“Here,” she says. “Take this.” She passes me the plate she’s been holding: two small round patties, like pancakes but darker and grainier, are sitting at its center. She removes a dented tin soup can from a shelf in the corner, uses it as a ladle to scoop a bit of water from one of the buckets under the sink, and carries it back to me. I can only hope that bucket doesn’t do double duty as a vomit basin.
“Hard to find glass around here,” she says when I raise my eyebrows at the soup can, and then adds, “Bombs.” She says it as though she’s in a grocery store and saying Grapefruit, as though it’s the most everyday thing in the world. She sits again, braiding a bit of hair between her long brown fingers absentmindedly.
I lift the soup can to my lips. Its edges are jagged, and I have to sip carefully.
“You learn to make do out here,” Raven says with a kind of pride. “We can build out of nothing—out of scraps and trash and bones. You’ll see.”
I stare at the plate in my lap. I’m hungry, but the words trash and bones make me nervous about eating.
Raven must understand what I’m thinking, because she laughs. “Don’t worry,” she says. “It’s nothing gross. Some nuts, a bit of flour, some oil. It’s not the best thing you’ll ever eat in your life, but it will keep your strength up. We’re running low on supplies; we haven’t had a delivery in a week. The escape really screwed us, you know.”
“My escape?”
She nods. “They’ve had the borders running live in all the cities for a hundred miles for the past week, doubled security at the fences.” I open my mouth to apologize, but she cuts me off. “It’s all right. They do this every time there’s a breach. They always get worried there’ll be some mass uprising and people will rush the Wilds. In a few days they’ll get lazy again, and then we’ll get our supplies. And in the meantime…” She jerks her chin toward the plate. “Nuts.”
I take a nibble of the pancake. It’s not bad, actually: toasty and crunchy and just a little bit greasy, leaving a sheen of oil on my fingertips. It’s a lot better than the broth, and I say so to Raven.
She beams at me. “Yeah, Roach is the resident cook. He can make a good meal out of anything. Well, he can make an edible meal out of anything.”
“Roach? Is that his real name?”
Raven finishes a braid, flicks it over her shoulder, starts on another one. “As real as any name,” she says. “Roach has been in the Wilds his whole life. Originally comes from one of the homesteads farther south, close to Delaware. Someone down there must have named him. By the time he got up here, he was Roach.”

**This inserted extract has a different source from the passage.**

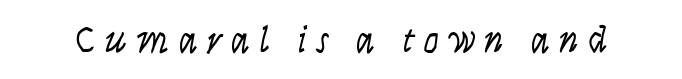
{"italic": "yes", "lean": "right", "slant_degrees": 9, "bold": "no", "weight": "light", "width": "condensed", "stroke_contrast": "low", "x_height": "large", "monospaced": "no", "underline": "no", "letter_spacing": "wide", "letter_spacing_em": 0.24, "glyph_px": 38}

“What about Blue?” I ask. I make it through the whole first pancake without feeling queasy, then set the plate on the floor next to the bed. I don’t want to push my luck.
Raven hesitates for just a fraction of a second. “She was born right here, at the homestead.”
“So you named her for her eyes,” I say.
Raven stands abruptly, and turns away before saying, “Uh-huh.” She goes to the shelves by the sink and clicks off one of the battery-operated lanterns, so the room sinks even further into darkness.
“How about you?” I ask her.
She points to her hair. “Raven.” She smiles. “Not the most original.”
“No, I mean—were you born here? In the Wilds?”
The smile disappears just like that, like a candle being snuffed out. For a second she looks almost angry. “No,” she says shortly. “I came here when I was fifteen.”
I know I shouldn’t, but I can’t stop myself from pressing. “By yourself?”
“Yes.” She picks up the second lantern, which is still emitting a pale bluish light, and moves toward the door.
“So what was your name before?” I say, and she freezes, her back to me. “Before you came to the Wilds, I mean.”
For a moment she stands there. Then she turns around. She is holding the lantern low so her face is in darkness. Her eyes are two bare reflections, glittering, like black stones in the moonlight.
“You might as well get used to it now,” she says with quiet intensity. “Everything you were, the life you had, the people you knew … dust.” She shakes her head and says, a little more firmly, “There is no before. There is only now, and what comes next.”
Then she heads into the hallway with her lantern, leaving me in total darkness, my heart beating very fast.
The next morning, I wake up starving. The plate is still there with the second pancake, and I half tumble out of bed reaching for it, banging onto my knees on the cold stone floor. A beetle is exploring the surface of the pancake—normally, before, this would have grossed me out, but now I’m too hungry to care. I flick the insect away, watch it scurry into a corner, and eat the pancake greedily with both hands, sucking on my fingers. It saws off only the barest corner of my hunger.